_Task:_
Output the lines of the records from the one containing "This was captured 3.1 seconds after image 1." through the last, both ends included. Leave pictures out.

━━━

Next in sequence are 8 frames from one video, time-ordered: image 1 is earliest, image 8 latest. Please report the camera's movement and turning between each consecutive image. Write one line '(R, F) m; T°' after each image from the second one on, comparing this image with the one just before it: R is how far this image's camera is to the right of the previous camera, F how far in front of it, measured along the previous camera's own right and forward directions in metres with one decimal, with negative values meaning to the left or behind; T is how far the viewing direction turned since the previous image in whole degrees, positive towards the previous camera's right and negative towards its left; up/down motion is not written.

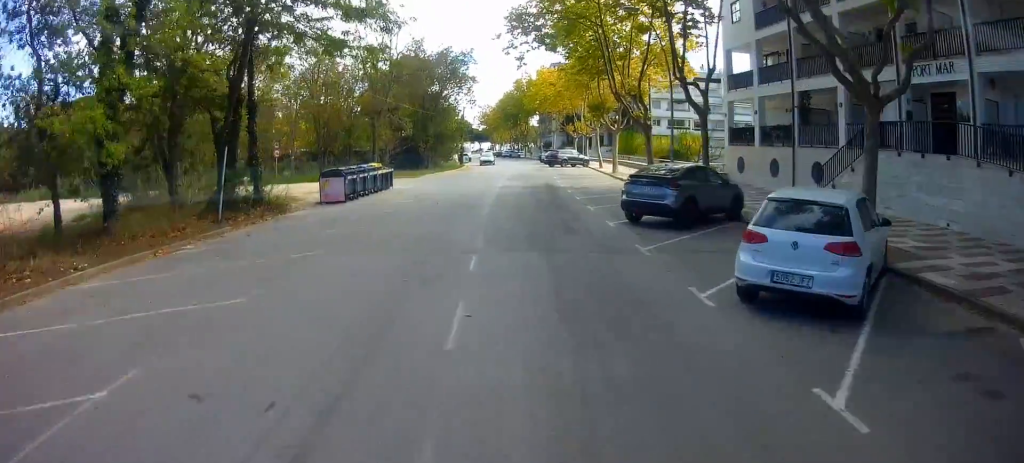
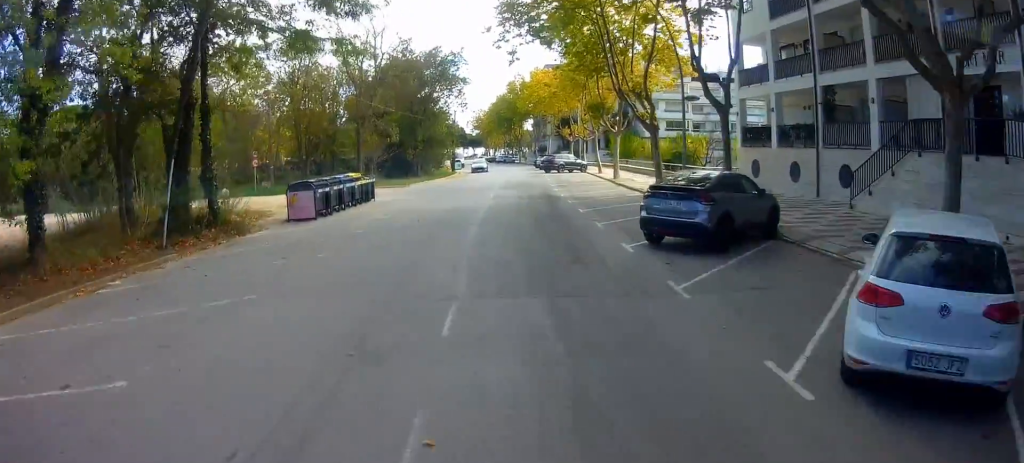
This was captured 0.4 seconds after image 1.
(+0.1, +2.6) m; +3°
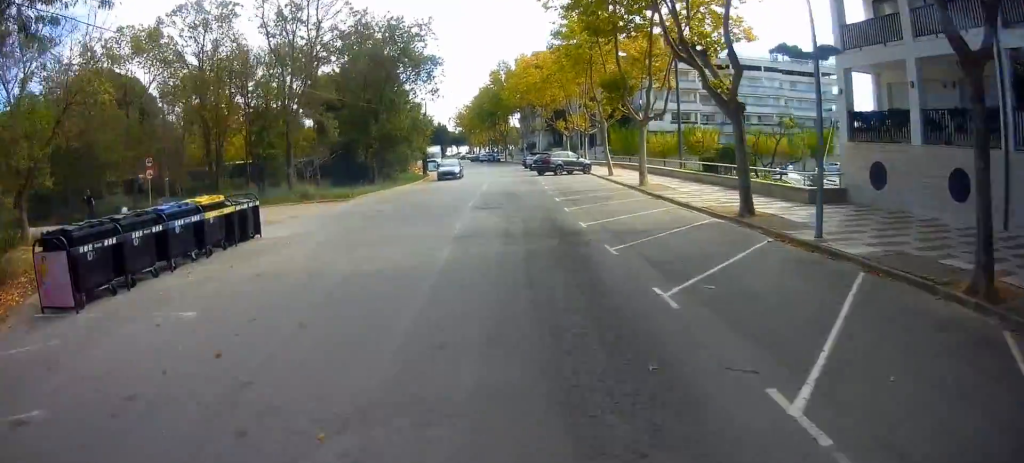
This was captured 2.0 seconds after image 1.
(+0.9, +10.9) m; +1°
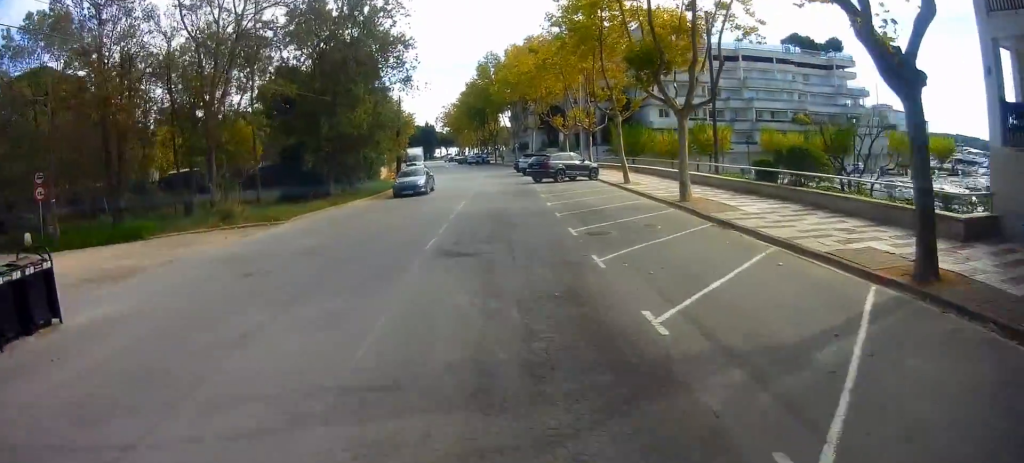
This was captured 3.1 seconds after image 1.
(-0.8, +7.4) m; -5°
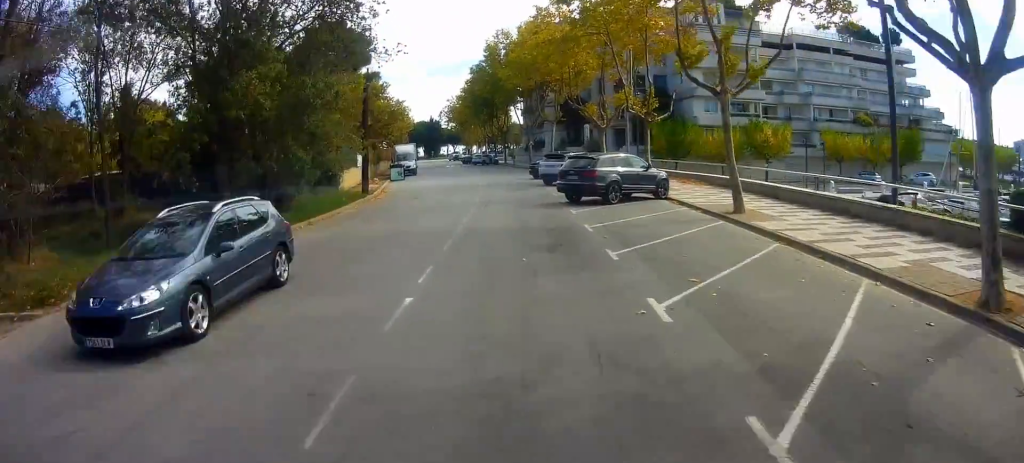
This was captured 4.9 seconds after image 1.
(0.0, +12.4) m; -2°
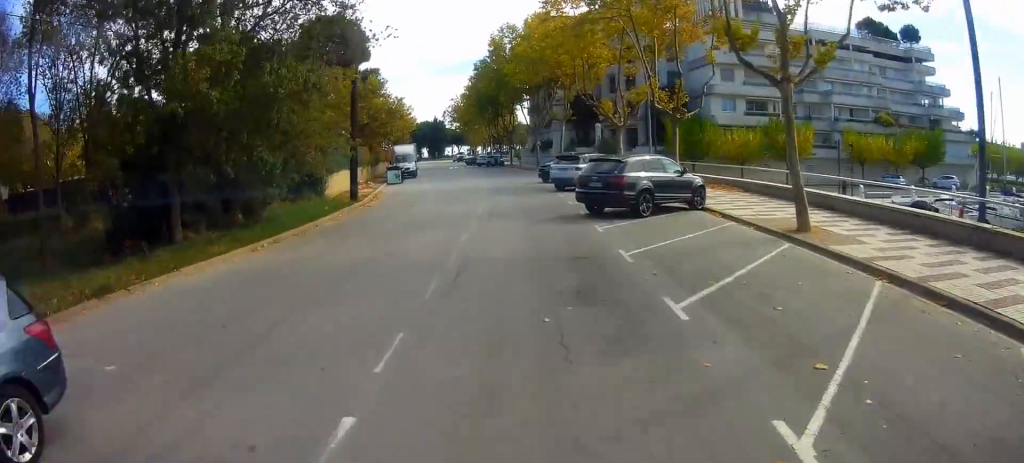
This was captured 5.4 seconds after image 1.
(0.0, +3.4) m; +3°
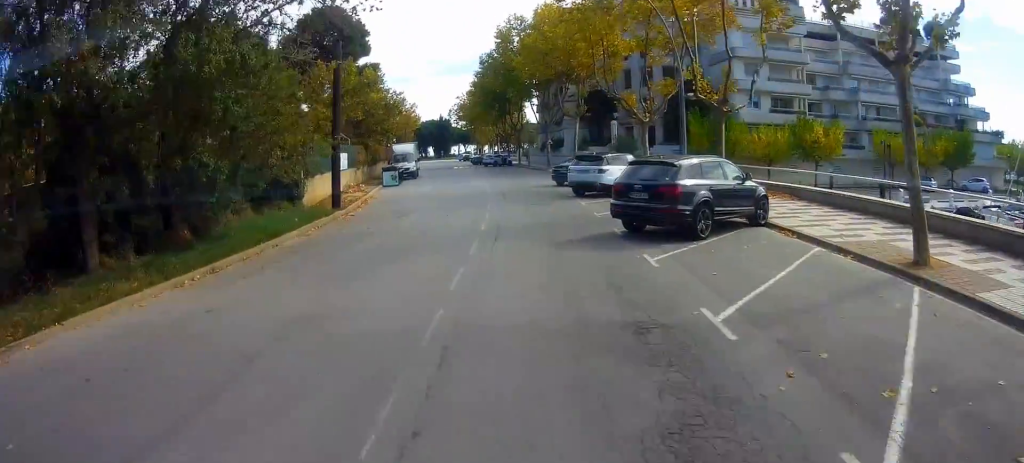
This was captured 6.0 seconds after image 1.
(-0.2, +4.0) m; +4°
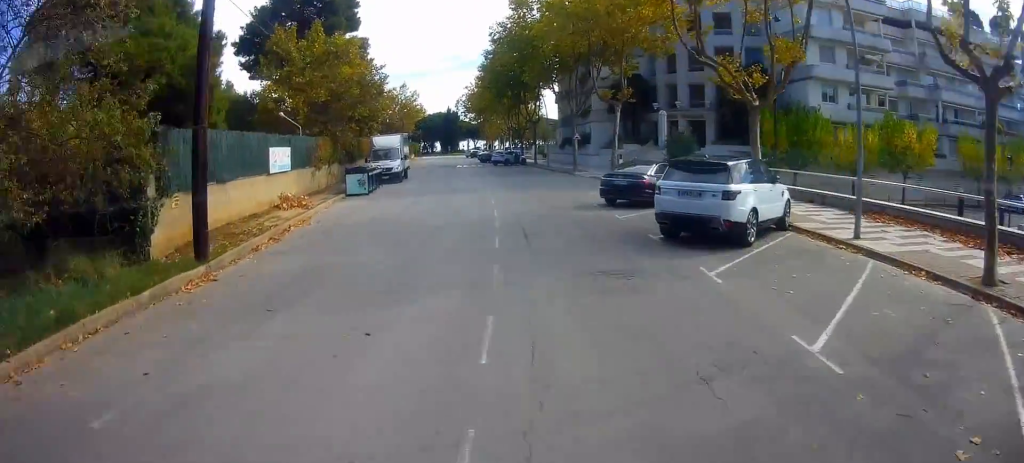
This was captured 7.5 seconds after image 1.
(+0.3, +11.8) m; -5°

━━━

_Solution to this task:_
This was captured 3.1 seconds after image 1.
(-0.8, +7.4) m; -5°
This was captured 4.9 seconds after image 1.
(0.0, +12.4) m; -2°
This was captured 5.4 seconds after image 1.
(0.0, +3.4) m; +3°
This was captured 6.0 seconds after image 1.
(-0.2, +4.0) m; +4°
This was captured 7.5 seconds after image 1.
(+0.3, +11.8) m; -5°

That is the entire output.